Each line of the material must be repeated precisely, with the pictures left out.

▶ **DATA**
*** Block opens ***
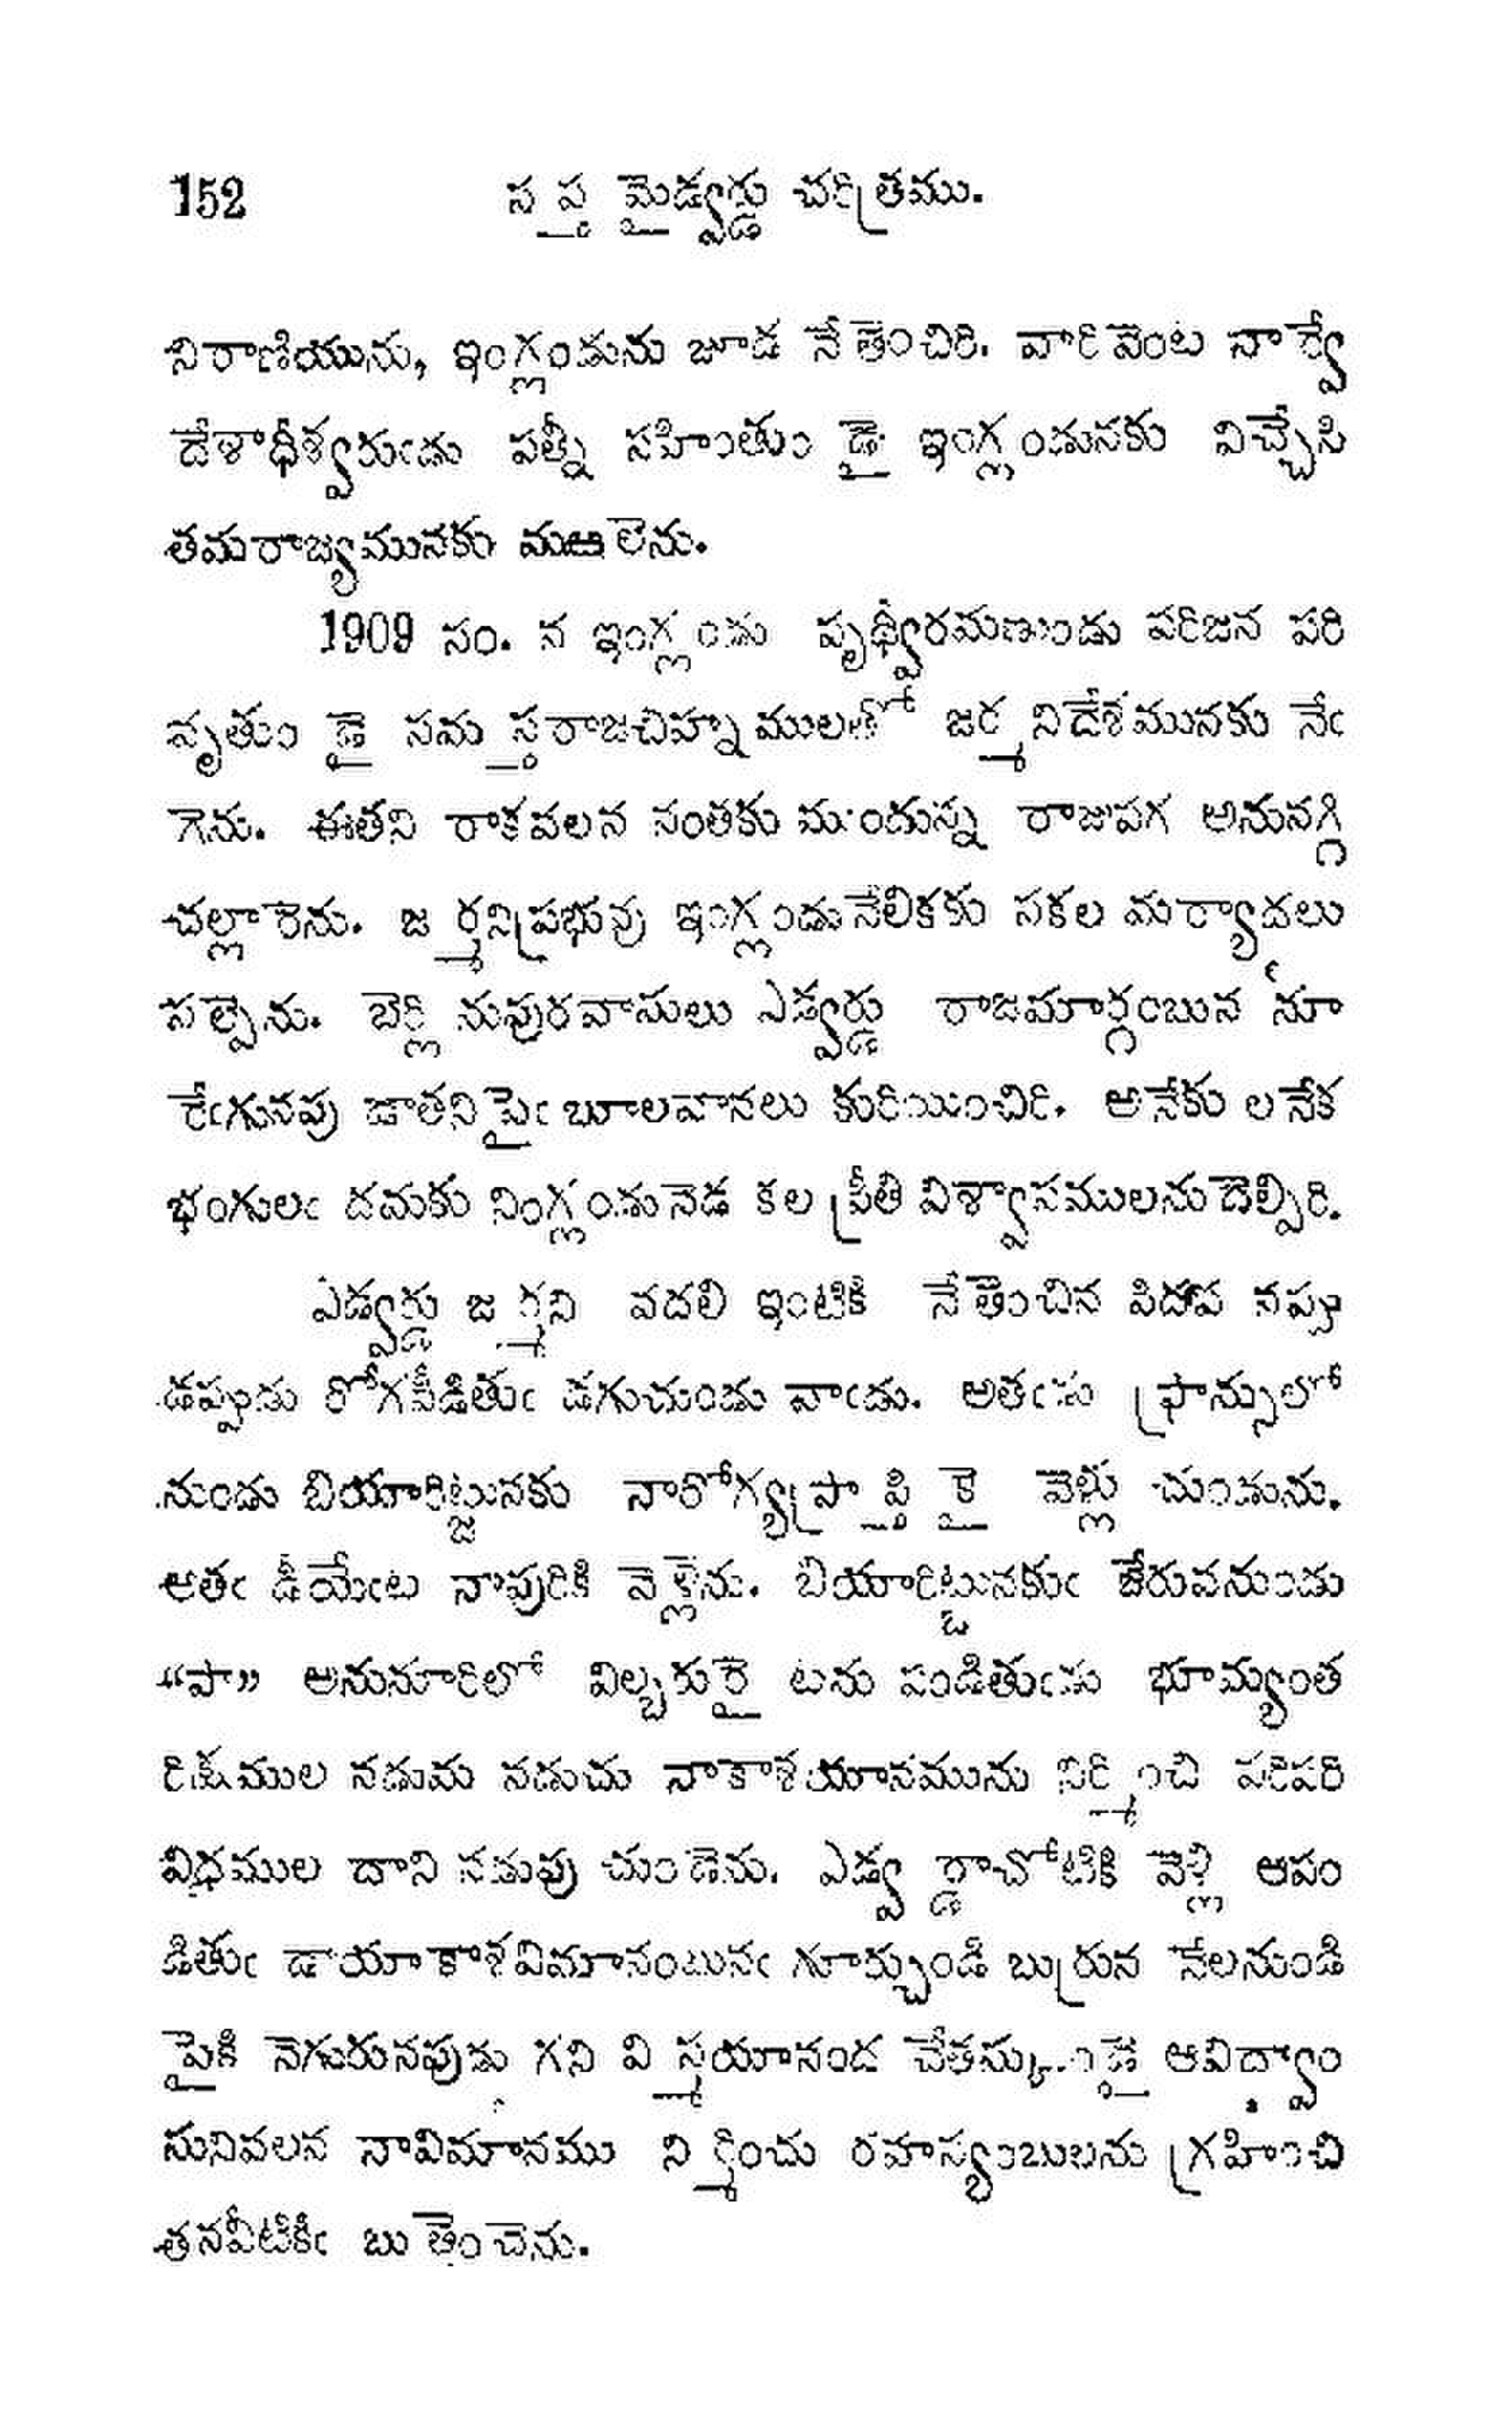నిరాణియును, ఇంగ్లండును జూడ నేతెంచిరి. వారి వెంట నార్వే దేశాధీశ్వరుఁడు పల్నీ సహితుడై" ఇంగ్లండునకు విచ్చేసి తమరాజ్యమునకు ముఱలెను.

1909 సం. న ఇంగ్లండు పృథ్వీరమణండు పరిజన పరి వృతుండై సమస్తరాజచిహ్నముల , జర్మని దేశమునకు నేఁ గెను. ఈతని రాకవలన సంతకు ముందున్న రాజు పగ అనునగ్గి చల్లారెను. జర్మని ప్రభువు ఇంగ్లండు నేలికకు సకల మర్యాదలు సల్పెను. బెర్లిను పురవాసులు ఎడ్వర్డు రాజమార్గంబున నూ రేఁగునపు డాతని పైఁ బూలవానలు కురియించి, అనేకు లనేక భంగులఁ దమకు నింగ్లండు నెడ కల ప్రీతి విశ్వాసములను దెల్పిరి.

ఎడ్వర్డు జర్మని వదలి ఇంటికి నే తెంచిన పిదప నప్పు డప్పుడు రోగ పీడితుఁ డగుచుండు వాఁడు. అతడు ఫ్రాన్సులో నుందు బియాకిట్టునకు నారోగ్య ప్రాప్తి కై వెళ్లు చుడును, ఆతఁ డీయేఁట నాపురికి వెళ్లెను. బియారిటునకుఁ జేరువ నుండు "పా " అనునూరిలో విల్బరు రైటను పండితుడు భూమ్యంత రిక్షముల నడుమ నడుచు నాకాశ యానమును నిర్మించి పరిషరి విధముల దాని నడుపు చుండెను. ఎడ్వర్డా చోటికి వెళ్లి ఆపం డితుఁ డాయా కొత్త విమానంబునఁ గూర్చుండి బుర్రున 'నేలనుండి పైకి నెగురు నపుడు గని విస్మాయానంద చేతస్కుండై . ఆవిద్వాం సునివలన నావిమానము నిర్మించు రహస్యంబులను గ్రహించి తనవీటికిఁ బు తెంచెను.
*** Block closes ***
▶ **EXPECTED OUTPUT**
నిరాణియును, ఇంగ్లండును జూడ నేతెంచిరి. వారి వెంట నార్వే దేశాధీశ్వరుఁడు పల్నీ సహితుడై" ఇంగ్లండునకు విచ్చేసి తమరాజ్యమునకు ముఱలెను.

1909 సం. న ఇంగ్లండు పృథ్వీరమణండు పరిజన పరి వృతుండై సమస్తరాజచిహ్నముల , జర్మని దేశమునకు నేఁ గెను. ఈతని రాకవలన సంతకు ముందున్న రాజు పగ అనునగ్గి చల్లారెను. జర్మని ప్రభువు ఇంగ్లండు నేలికకు సకల మర్యాదలు సల్పెను. బెర్లిను పురవాసులు ఎడ్వర్డు రాజమార్గంబున నూ రేఁగునపు డాతని పైఁ బూలవానలు కురియించి, అనేకు లనేక భంగులఁ దమకు నింగ్లండు నెడ కల ప్రీతి విశ్వాసములను దెల్పిరి.

ఎడ్వర్డు జర్మని వదలి ఇంటికి నే తెంచిన పిదప నప్పు డప్పుడు రోగ పీడితుఁ డగుచుండు వాఁడు. అతడు ఫ్రాన్సులో నుందు బియాకిట్టునకు నారోగ్య ప్రాప్తి కై వెళ్లు చుడును, ఆతఁ డీయేఁట నాపురికి వెళ్లెను. బియారిటునకుఁ జేరువ నుండు "పా " అనునూరిలో విల్బరు రైటను పండితుడు భూమ్యంత రిక్షముల నడుమ నడుచు నాకాశ యానమును నిర్మించి పరిషరి విధముల దాని నడుపు చుండెను. ఎడ్వర్డా చోటికి వెళ్లి ఆపం డితుఁ డాయా కొత్త విమానంబునఁ గూర్చుండి బుర్రున 'నేలనుండి పైకి నెగురు నపుడు గని విస్మాయానంద చేతస్కుండై . ఆవిద్వాం సునివలన నావిమానము నిర్మించు రహస్యంబులను గ్రహించి తనవీటికిఁ బు తెంచెను.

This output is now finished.